From Washington, D.C., to Berkeley, Calif., sugary drink taxes are raising the price of soda, tea, and energy drinks, with the hope that people will buy fewer taxed drinks. These drinks do not contribute to good health, according to a Salud America! research review.
But are shoppers really buying fewer sugary drinks as a result?
A series of studies explores this question.
How Sugary Drink Taxes Affect Purchases
A new study from Mathematica Policy Research and others indicates that sugary drink taxes can reduce purchases of sugary drinks.
Researchers examined the impact of taxes in four cities: Philadelphia, San Francisco, Seattle, and Oakland. They compared changes in household monthly purchases to nearby cities and a matched set of households nationally.
A 1-cent-per-ounce tax decreased household purchases of taxed sugary beverages by 53 ounces per month—a 12.2% decrease.
“This impact is small in magnitude and consistent with a reduction in individual consumption of 5 calories per day per household member and eventual reduction in weight of 0.5 pounds,” the researchers wrote in the study.
Other studies have found a larger impact with a larger tax.
For example, in Philadelphia, sales of sugary drinks dropped 51% the year after the tax, one study found.
Some of that decline was offset by an increase in sales in nearby zip codes. But the Mathematica study suggests the tax didn’t drive outside-the-city sales.

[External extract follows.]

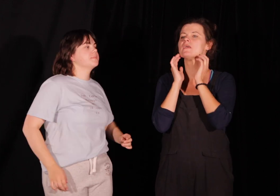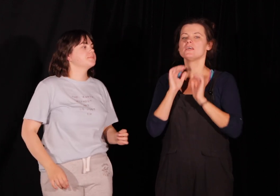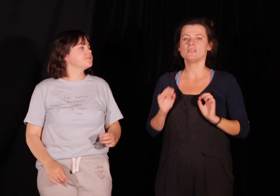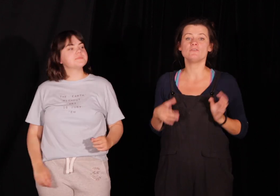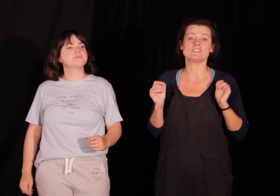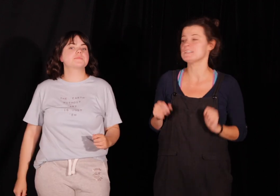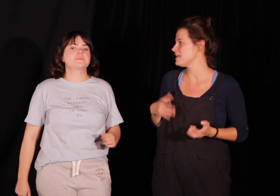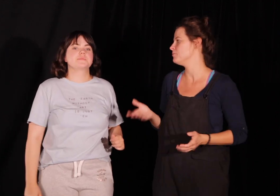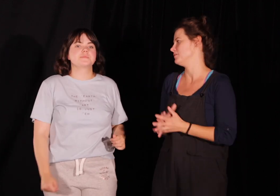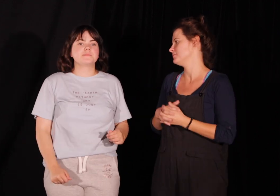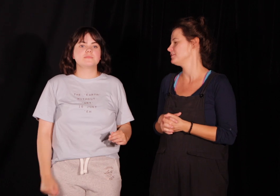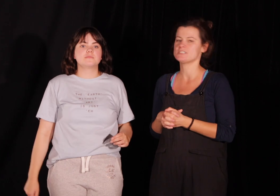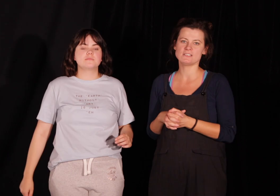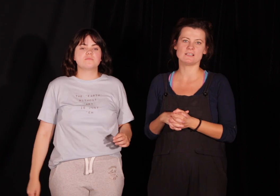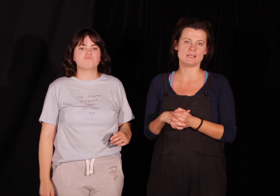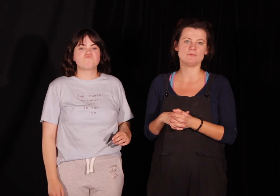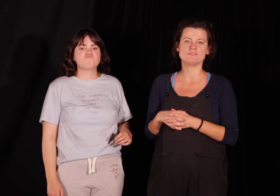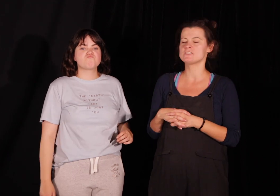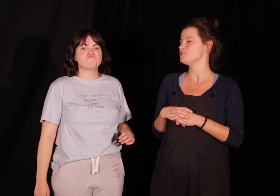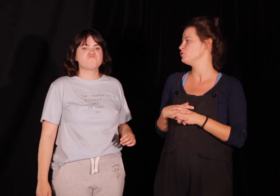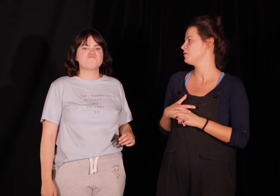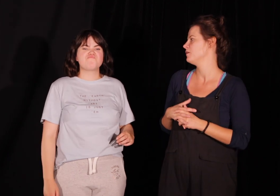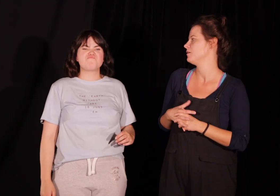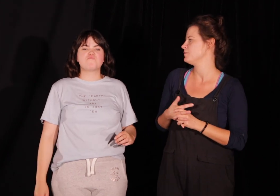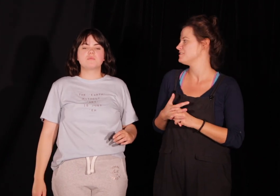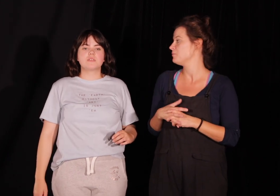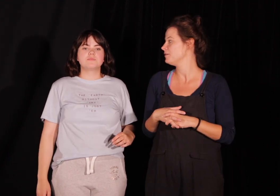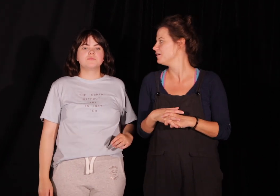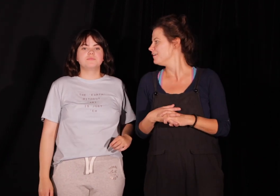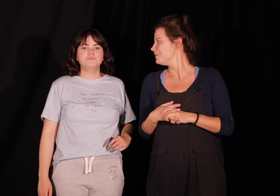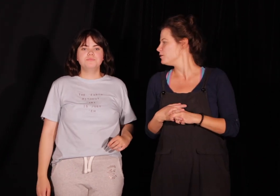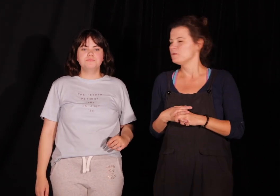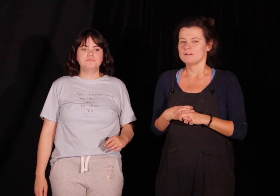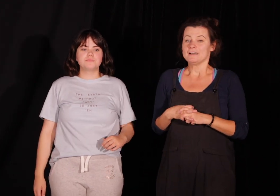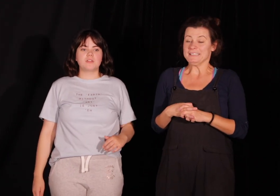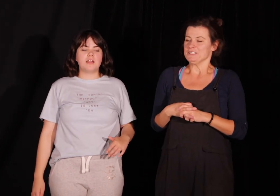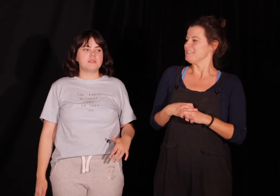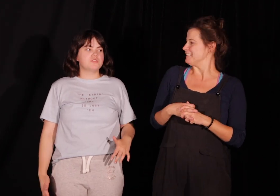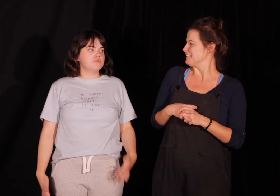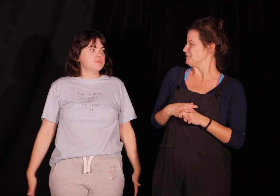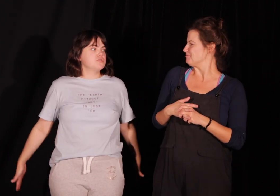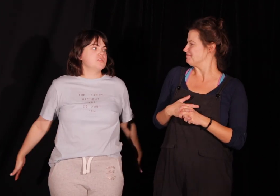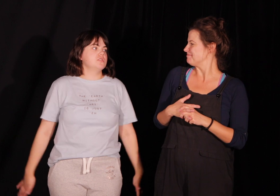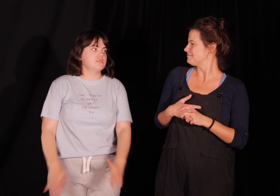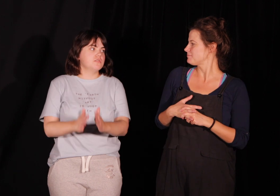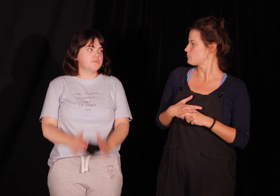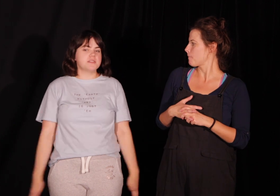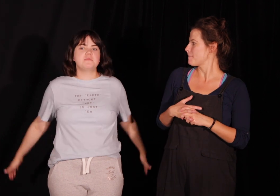I właśnie te zęby, te nieszczęsne zęby, nie wszystkie dzieci lubią myć zęby. Ale nie potrzebujemy szczoteczki do tego tym razem,

People who were already buying them there, bought them more frequently.
“But even factoring in that cross-border shopping, Philadelphia has seen a 38 percent decline in the purchase of sweetened beverages,” reports Knowable. “That’s equivalent to an annual reduction of 78 million 12-ounce cans of sugary drinks, or 49 cans per person in a city of 1.6 million.”
Let’s look at Philadelphia more closely.
Sugary Drink Tax Impact in Philadelphia
Philadelphia’s Sweetened Beverage Tax, a 1.5-cent-per-ounce tax on sugary drinks, took effect January 2017. The Pennsylvania Supreme Court voted to uphold the tax in July 2018.
In 2018, Mathematica and other researchers examined the tax.
They found the tax is being passed on to consumers, which in turn has stores in Philadelphia carrying fewer of the taxed beverages and more bottled water. They also found children who were drinking roughly 20 ounces of soda a day before the tax dropped their added sugar consumption by 22%, and adults dropped consumption by 31%.
Now in October 2019, the researchers updated their research and found a “particularly larger decline” in sugary drink purchases in Philadelphia, compared to San Francisco, Oakland, and Seattle. Based on store-exit interviews, the Philadelphia tax reduced purchases of taxed beverages relative to stores in comparison areas by about 9 ounces per shopping trip. That’s two 2-liter bottles a month.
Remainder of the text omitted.